Tuesday, August 27, 2013

Tall Enough To Ride This Ride

I remember as a kid how much fun it was to go to the amusement park. I’d stand outside the fence looking at all the rides and was always drawn to the big wooden rollercoaster. For years I would run to the entrance to the ride to measure myself against the height requirements and time and time again I would find that I wasn’t big enough. When I was finally tall enough to ride that big wooden rollercoaster I got on it and found myself terrified as it rounded bends and dipped down hills throwing me off of my seat and into the bar across my lap.

Years down the road I found myself with my little 4-year-old Thomas. There we were at Disneyland and standing in front of Big Thunder Mountain Railroad—a rollercoaster with the theme of an old train barreling through mountainous terrain and deep into mines. Thomas was a HUGE fan of trains and wanted to ride it so badly. He hit the height requirement right on and we boarded the ride.

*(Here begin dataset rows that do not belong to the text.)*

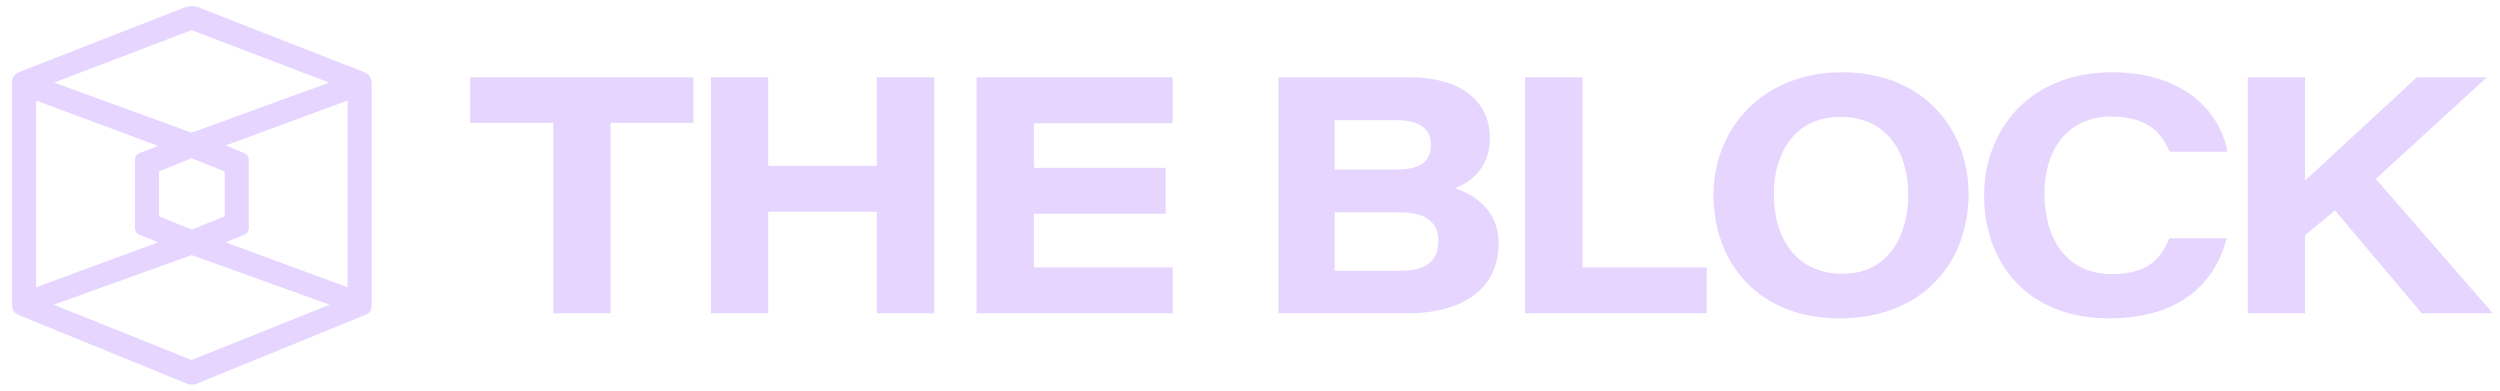 <svg width="192" height="30" viewBox="0 0 192 30" fill="none" xmlns="http://www.w3.org/2000/svg">
<path d="M27.892 5.508L15.261 0.572C14.79 0.427 14.644 0.427 14.173 0.572L1.542 5.508C1.034 5.726 0.925 5.907 0.925 6.416V23.33C0.925 23.874 1.034 23.983 1.542 24.237L14.173 29.392C14.427 29.5 14.572 29.537 14.753 29.537C14.898 29.537 15.08 29.5 15.298 29.392L27.928 24.237C28.436 24.056 28.545 23.874 28.545 23.33V6.416C28.509 5.907 28.4 5.726 27.892 5.508ZM25.315 23.402L14.717 27.649L4.119 23.402L14.717 19.591L25.315 23.402ZM4.155 6.343L14.717 2.314L25.279 6.343L14.717 10.191L4.155 6.343ZM18.746 18.031C18.963 17.958 19.109 17.74 19.109 17.522V12.259C19.109 12.042 18.963 11.824 18.746 11.751L17.33 11.171L26.694 7.722V22.059L17.33 18.611L18.746 18.031ZM17.258 13.167V16.615L14.717 17.631L12.213 16.615V13.167L14.717 12.15L17.258 13.167ZM10.725 11.751C10.507 11.824 10.362 12.042 10.362 12.296V17.522C10.362 17.74 10.507 17.958 10.725 18.031L12.14 18.611L2.776 22.059V7.722L12.14 11.207L10.725 11.751Z" fill="#E6D6FF"/>
<path d="M42.489 24.063H46.892V9.439H53.252V5.938H36.104V9.439H42.489V24.063Z" fill="#E6D6FF"/>
<path d="M54.598 24.063H59V16.262H67.342V24.063H71.745V5.938H67.342V12.735H59V5.938H54.598V24.063Z" fill="#E6D6FF"/>
<path d="M89.522 12.889H79.404V9.465H90.063V5.938H75.001V24.063H90.063V20.536H79.404V16.416H89.522V12.889Z" fill="#E6D6FF"/>
<path d="M98.182 24.063H108.043C112.497 24.063 115.098 22.081 115.098 18.656C115.098 16.365 113.476 15 111.725 14.46C113.141 13.945 114.428 12.709 114.428 10.598C114.428 8.049 112.549 5.938 108.223 5.938H98.182V24.063ZM102.508 13.018V9.233H107.323C108.841 9.233 109.897 9.774 109.897 11.138C109.897 12.245 109.253 13.018 107.297 13.018H102.508ZM102.508 16.313H107.554C109.485 16.313 110.463 17.06 110.463 18.502C110.463 20.304 109.176 20.793 107.477 20.793H102.508V16.313Z" fill="#E6D6FF"/>
<path d="M117.127 24.063H131.082V20.536H121.53V5.938H117.127V24.063Z" fill="#E6D6FF"/>
<path d="M141.457 5.551C135.303 5.551 131.596 9.953 131.596 14.948C131.596 20.252 135.097 24.449 141.251 24.449C147.842 24.449 151.189 19.969 151.189 14.922C151.189 9.979 147.79 5.551 141.457 5.551ZM141.328 8.975C144.984 8.975 146.555 11.781 146.555 14.974C146.555 17.935 145.138 21.024 141.508 21.024C137.956 21.024 136.23 18.321 136.23 14.897C136.23 11.833 137.8 8.975 141.328 8.975Z" fill="#E6D6FF"/>
<path d="M166.614 18.295C165.893 20.046 164.76 21.05 162.186 21.05C158.607 21.05 157.01 18.192 157.01 14.845C157.01 11.55 158.761 8.949 162.16 8.949C165.25 8.949 166.228 10.623 166.614 11.653H171.068C170.528 8.64 167.773 5.551 162.212 5.551C155.801 5.551 152.376 10.056 152.376 15.025C152.376 19.969 155.492 24.449 161.98 24.449C167.67 24.449 170.193 21.488 171.017 18.295H166.614Z" fill="#E6D6FF"/>
<path d="M172.629 24.063H177.032V18.064L179.324 16.159L185.992 24.063H191.45L182.465 13.739L190.987 5.938H185.606C182.156 9.156 179.632 11.447 177.032 13.867V5.938H172.629V24.063Z" fill="#E6D6FF"/>
</svg>

There my boy sat beside me, excited for the ride to start. We rolled out of the station and began the climb up the hill. What ensued would be a metaphor for what he and I face now.

Into the dark we went and he grabbed me and huddled close. He took my hand and covered his eyes with it as we passed by menacing looking miners and other characters. As the ride careened around and through the mountains I felt him slide away from me to the other side of the car and I grabbed him and tried to hold onto him with each curve that tried to rip him from my grasp. His terror was palpable and my desperation to keep a hold of him and keep him safe next to me grew exponentially as each moment passed. We rolled into the station gripping each other, tears rolling from his eyes and we couldn’t get off that ride fast enough.

There we stood on the exit ramp weakened mentally and physically from a wild ride. I held his hand as we left the ride area, never to return.

So here we are now. He is 18, I am 41. He is still my boy and I am his mom. Our “Big Thunder Mountain Railroad” is schizophrenia and it threatens often to rip him from my grasp and now, no matter how much I cover his eyes, I can’t protect him from the things he sees and that haunt him. We are both tall enough to ride this ride and I think both of us would give just about anything to walk up to the proverbial sign and find ourselves refused a ride on this ride because we’re too big, too old, too ANYTHING to move up the ramp to the train. But we’re here now, both of us unsure of what lies before us but one thing I know for certain.

I am getting on this ride with him and it will be him and I till the ride stops.